Here are the steps to configure Delta Lake on Azure Data Lake Storage Gen1.

  1. Configure LogStore implementation.

    Set the spark.delta.logStore.class Spark configuration property:

    spark.delta.logStore.class=org.apache.spark.sql.delta.storage.AzureLogStore
    

    The AzureLogStore implementation works for all storage services in Azure and supports multi-cluster concurrent writes. This is an application property, must be set before starting SparkContext, and cannot change during the lifetime of the context.

  2. Include hadoop-azure-datalake JAR in the classpath. See the requirements above for version details.

  3. Set up Azure Data Lake Storage Gen1 credentials.

    You can set the following Hadoop configurations with your credentials (in Scala):

    spark.conf.set("dfs.adls.oauth2.access.token.provider.type", "ClientCredential")
    spark.conf.set("dfs.adls.oauth2.client.id", "<your-oauth2-client-id>")
    spark.conf.set("dfs.adls.oauth2.credential", "<your-oauth2-credential>")
    spark.conf.set("dfs.adls.oauth2.refresh.url", "https://login.microsoftonline.com/<your-directory-id>/oauth2/token")
    

Usage

spark.range(5).write.format("delta").save("adl://<your-adls-account>.azuredatalakestore.net/<path-to-delta-table>")

spark.read.format("delta").load("adl://<your-adls-account>.azuredatalakestore.net/<path-to-delta-table>")

Azure Data Lake Storage Gen2

Requirements

  • Account created in Azure Data Lake Storage Gen2)
  • Service principal created and assigned the Storage Blob Data Contributor role for the storage account.
    • Note the storage-account-name, directory-id (also known as tenant-id), application-id, and password of the principal. These will be used for configuring Spark.
  • Delta Lake 0.7.0 and above
  • Apache Spark 3.0 or above
  • Apache Spark used must be built with Hadoop 3.2 or above.

For example, a possible combination that will work is Delta 0.7.0 or above, along with Apache Spark 3.0 compiled and deployed with Hadoop 3.2.

Configuration

Here are the steps to configure Delta Lake on Azure Data Lake Storage Gen1.

  1. Configure LogStore implementation.

    Set the spark.delta.logStore.class Spark configuration property:

    spark.delta.logStore.class=org.apache.spark.sql.delta.storage.AzureLogStore
    
  2. Include hadoop-azure-datalake JAR in the classpath. See the requirements above for version details. In addition, you may also have to include JARs for maven artifacts hadoop-azure and wildfly-openssl.

  3. Set up Azure Data Lake Storage Gen2 credentials.

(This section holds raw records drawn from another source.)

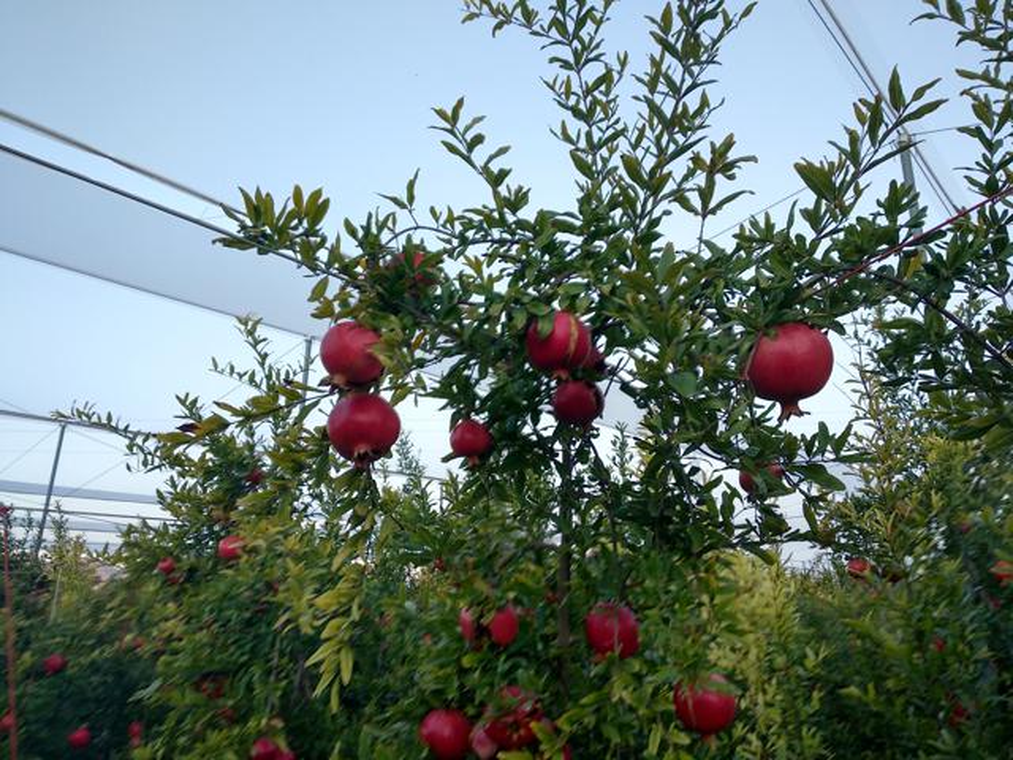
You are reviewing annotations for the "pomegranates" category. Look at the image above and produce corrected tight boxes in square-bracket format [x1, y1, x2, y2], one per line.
[584, 603, 639, 662]
[43, 654, 65, 678]
[326, 391, 400, 465]
[388, 252, 432, 283]
[673, 682, 738, 741]
[0, 712, 16, 731]
[217, 537, 242, 560]
[847, 557, 869, 579]
[484, 686, 556, 747]
[524, 310, 592, 380]
[421, 708, 473, 760]
[250, 736, 293, 760]
[554, 378, 605, 435]
[459, 606, 476, 640]
[320, 320, 385, 394]
[157, 556, 177, 573]
[486, 603, 519, 644]
[469, 722, 500, 760]
[747, 321, 833, 420]
[66, 728, 92, 750]
[738, 464, 783, 494]
[450, 420, 494, 469]
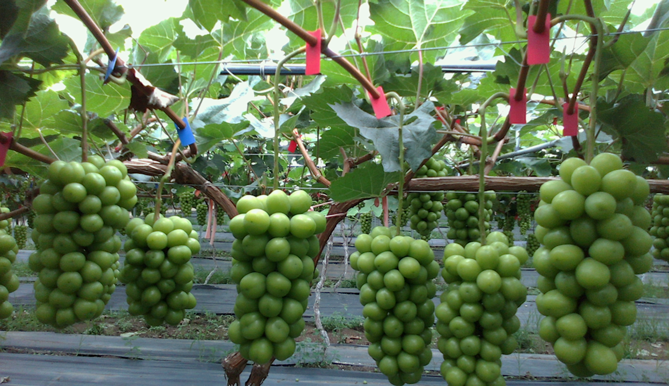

     spark.conf.set("fs.azure.account.auth.type.<storage-account-name>.dfs.core.windows.net", "OAuth")
     spark.conf.set("fs.azure.account.oauth.provider.type.<storage-account-name>.dfs.core.windows.net",  "org.apache.hadoop.fs.azurebfs.oauth2.ClientCredsTokenProvider")
     spark.conf.set("fs.azure.account.oauth2.client.id.<storage-account-name>.dfs.core.windows.net", "<application-id>")
     spark.conf.set("fs.azure.account.oauth2.client.secret.<storage-account-name>.dfs.core.windows.net","<password>")
     spark.conf.set("fs.azure.account.oauth2.client.endpoint.<storage-account-name>.dfs.core.windows.net", "https://login.microsoftonline.com/<directory-id>/oauth2/token")
    

    where <storage-account-name>, <application-id>, <directory-id> and <password> are details of the service principal we set as requirements earlier.

  4. Initialize the file system if needed

spark.conf.set("fs.azure.createRemoteFileSystemDuringInitialization", "true")
dbutils.fs.ls("abfss://<container-name>@<storage-account-name>.dfs.core.windows.net/")
spark.conf.set("fs.azure.createRemoteFileSystemDuringInitialization", "false")

Usage

spark.range(5).write.format("delta").save("abfss://<container-name>@<storage-account-name>.dfs.core.windows.net/<path-to-delta-table>")

spark.read.format("delta").load("abfss://<container-name>@<storage-account-name>.dfs.core.windows.net/<path-to-delta-table>")

where <container-name> is the file system name under the container.